TASK DETAILS:
Could you transcribe each entry below exactly, minus the images?

DATA FOR THIS EXERCISE:
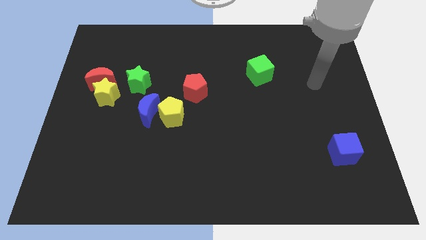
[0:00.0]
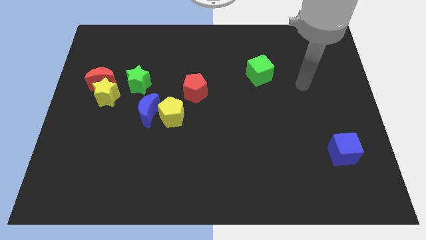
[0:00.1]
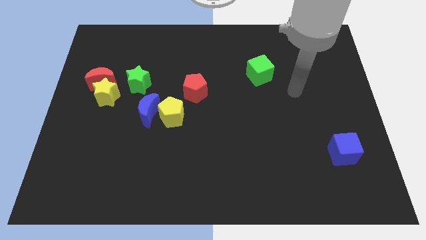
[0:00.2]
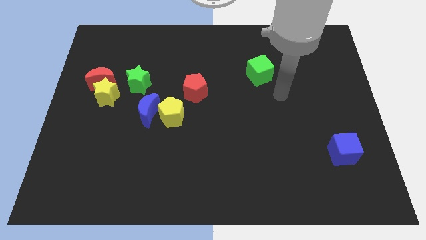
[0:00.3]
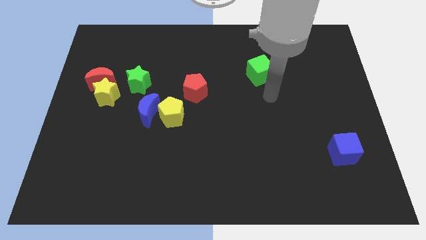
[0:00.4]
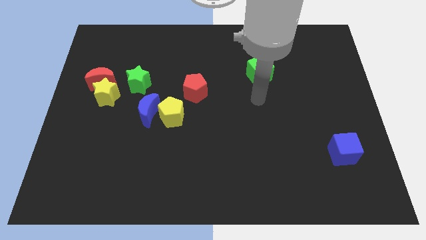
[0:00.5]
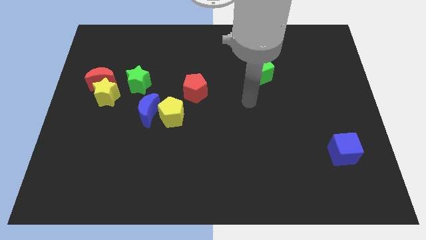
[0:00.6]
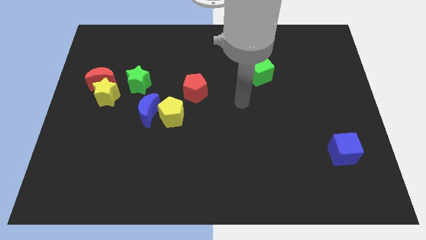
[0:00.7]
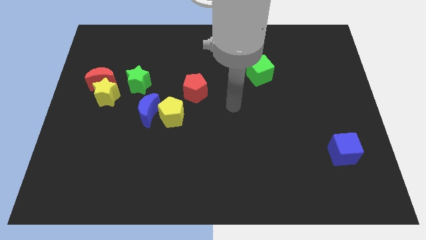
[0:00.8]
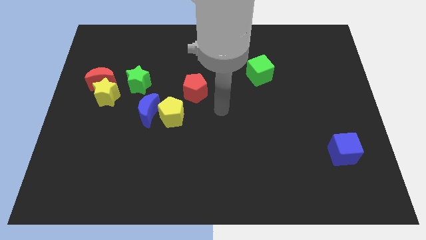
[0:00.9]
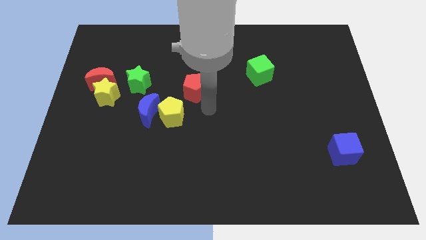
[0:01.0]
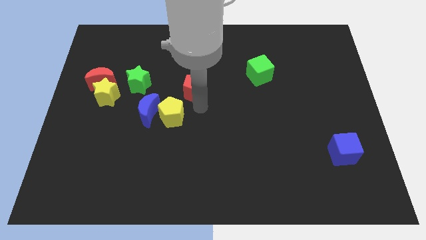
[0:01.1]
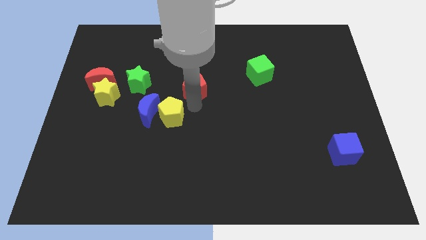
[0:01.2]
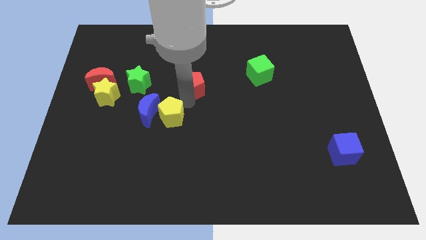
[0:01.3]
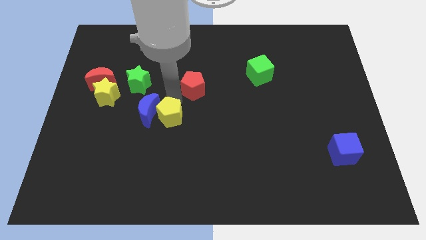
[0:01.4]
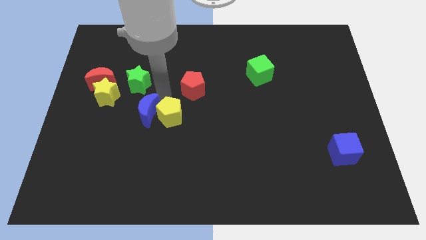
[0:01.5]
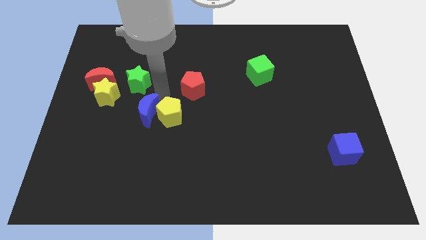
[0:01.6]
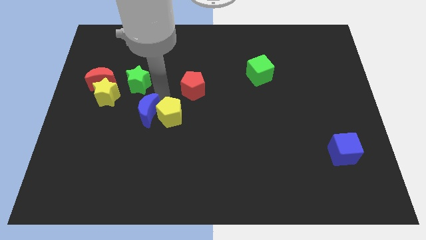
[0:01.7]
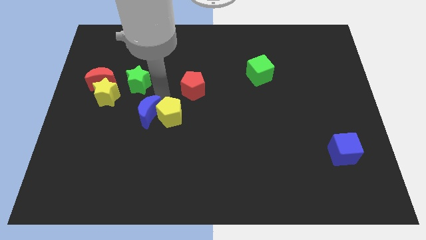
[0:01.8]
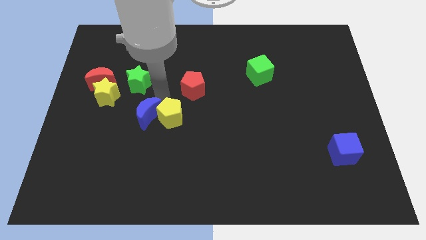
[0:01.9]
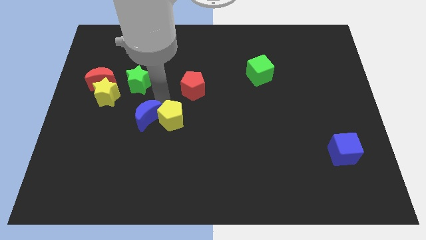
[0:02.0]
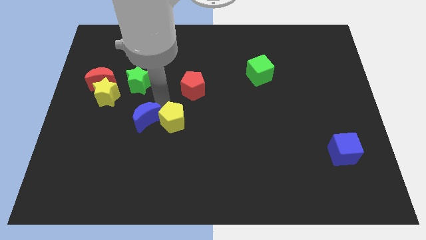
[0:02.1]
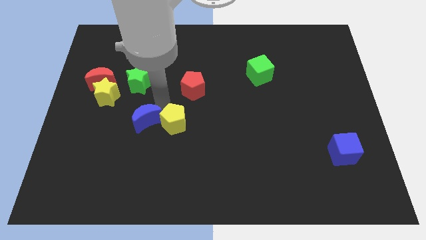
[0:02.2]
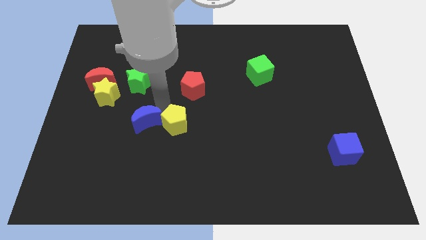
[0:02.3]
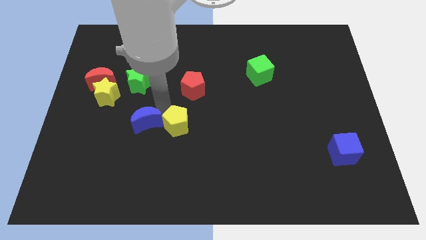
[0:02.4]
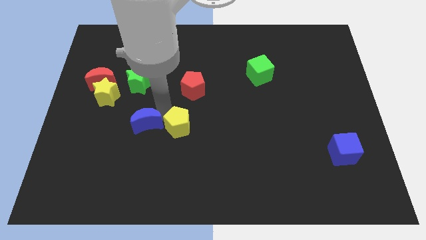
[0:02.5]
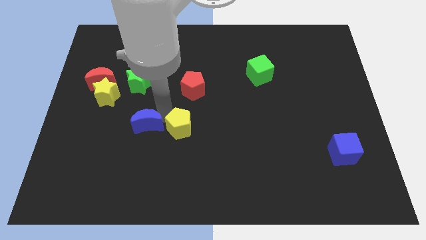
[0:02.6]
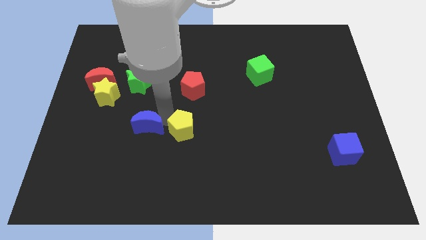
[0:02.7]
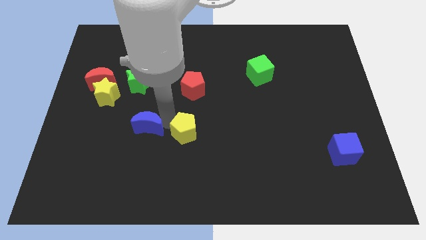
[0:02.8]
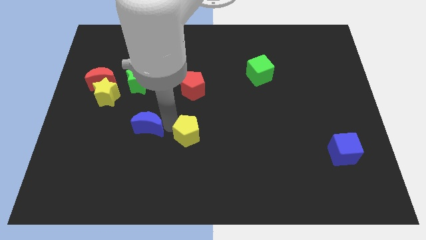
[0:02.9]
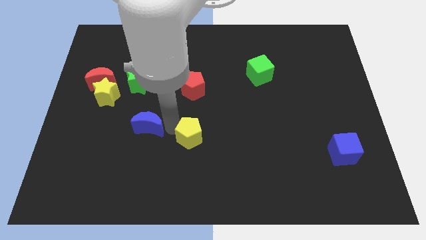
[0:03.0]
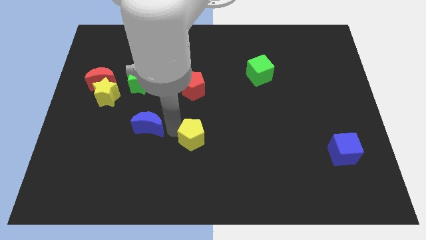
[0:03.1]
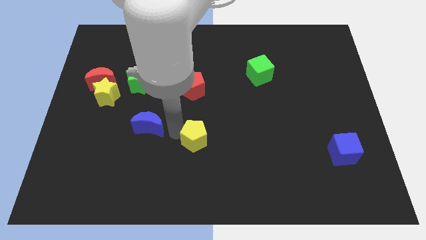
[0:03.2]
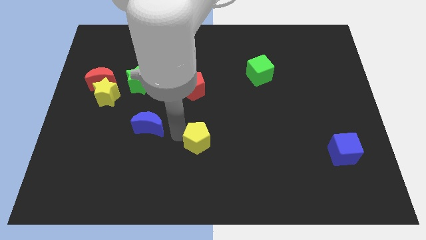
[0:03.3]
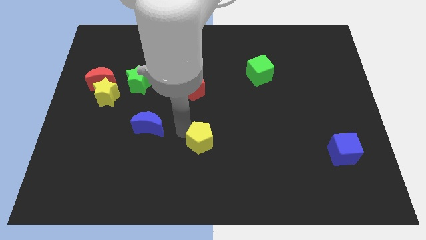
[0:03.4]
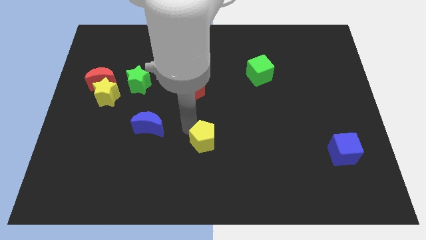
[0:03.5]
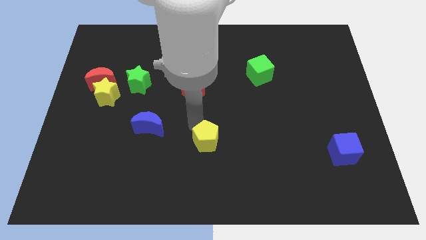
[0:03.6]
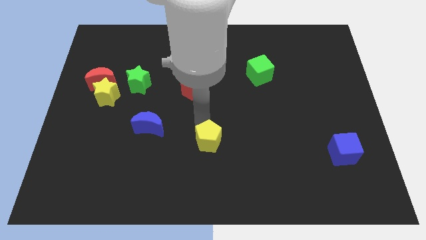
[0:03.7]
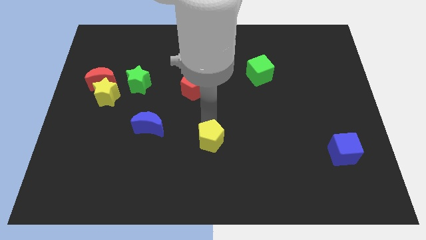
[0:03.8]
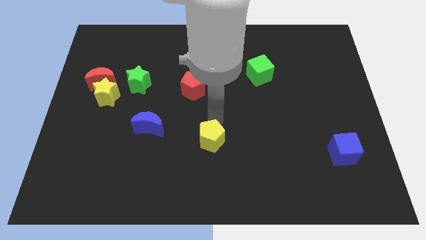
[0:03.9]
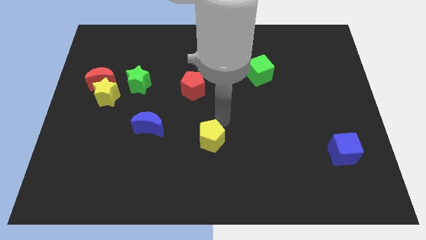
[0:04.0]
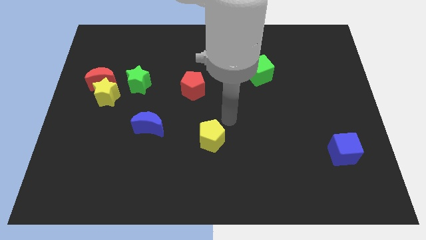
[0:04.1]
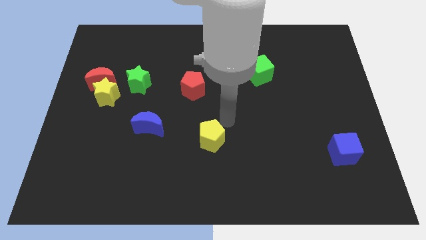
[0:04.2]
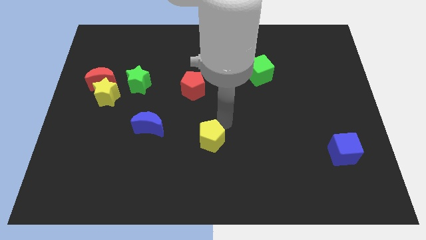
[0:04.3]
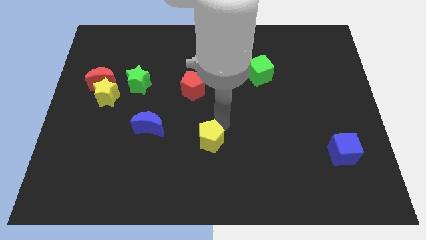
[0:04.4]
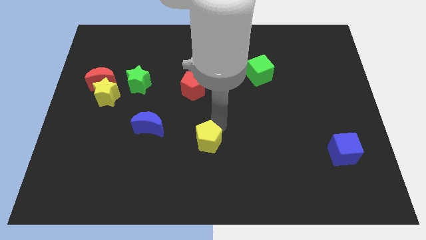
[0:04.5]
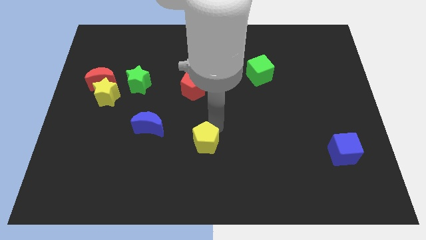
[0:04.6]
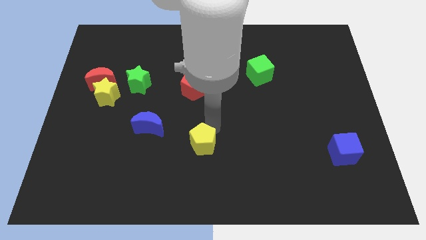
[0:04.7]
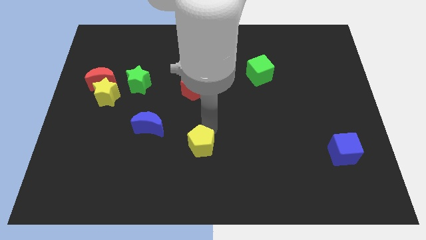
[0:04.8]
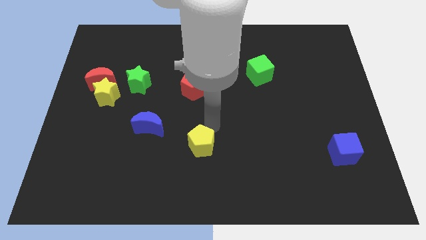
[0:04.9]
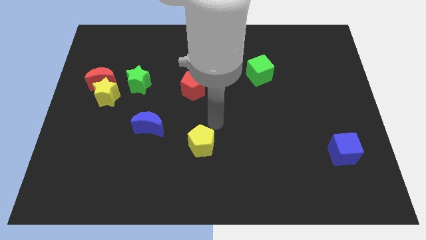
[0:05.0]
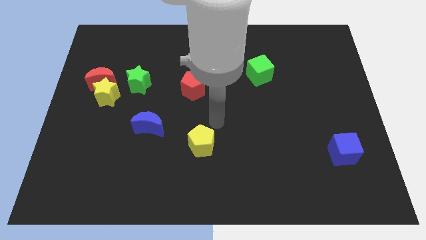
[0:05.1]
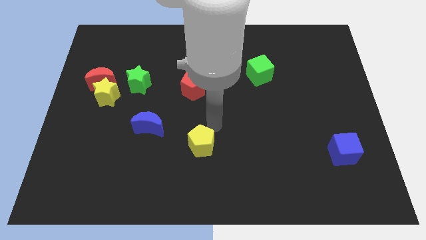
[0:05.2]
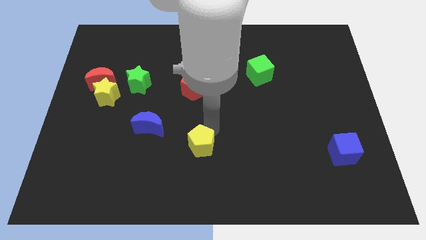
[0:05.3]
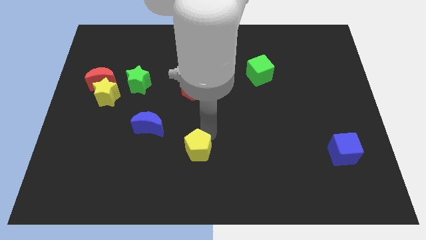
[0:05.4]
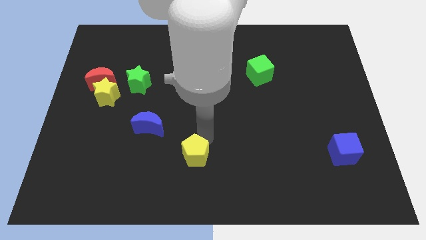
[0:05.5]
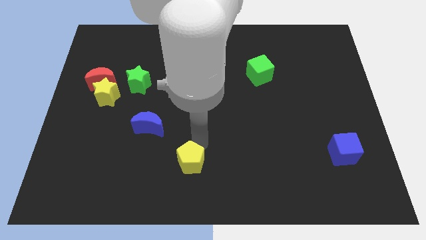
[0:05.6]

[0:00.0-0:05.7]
push the yellow pentagon to the bottom side

EXERCISE ANSWER:
[0:00.0]
[0:00.1]
[0:00.2]
[0:00.3]
[0:00.4]
[0:00.5]
[0:00.6]
[0:00.7]
[0:00.8]
[0:00.9]
[0:01.0]
[0:01.1]
[0:01.2]
[0:01.3]
[0:01.4]
[0:01.5]
[0:01.6]
[0:01.7]
[0:01.8]
[0:01.9]
[0:02.0]
[0:02.1]
[0:02.2]
[0:02.3]
[0:02.4]
[0:02.5]
[0:02.6]
[0:02.7]
[0:02.8]
[0:02.9]
[0:03.0]
[0:03.1]
[0:03.2]
[0:03.3]
[0:03.4]
[0:03.5]
[0:03.6]
[0:03.7]
[0:03.8]
[0:03.9]
[0:04.0]
[0:04.1]
[0:04.2]
[0:04.3]
[0:04.4]
[0:04.5]
[0:04.6]
[0:04.7]
[0:04.8]
[0:04.9]
[0:05.0]
[0:05.1]
[0:05.2]
[0:05.3]
[0:05.4]
[0:05.5]
[0:05.6]

[0:00.0-0:05.7]
push the yellow pentagon to the bottom side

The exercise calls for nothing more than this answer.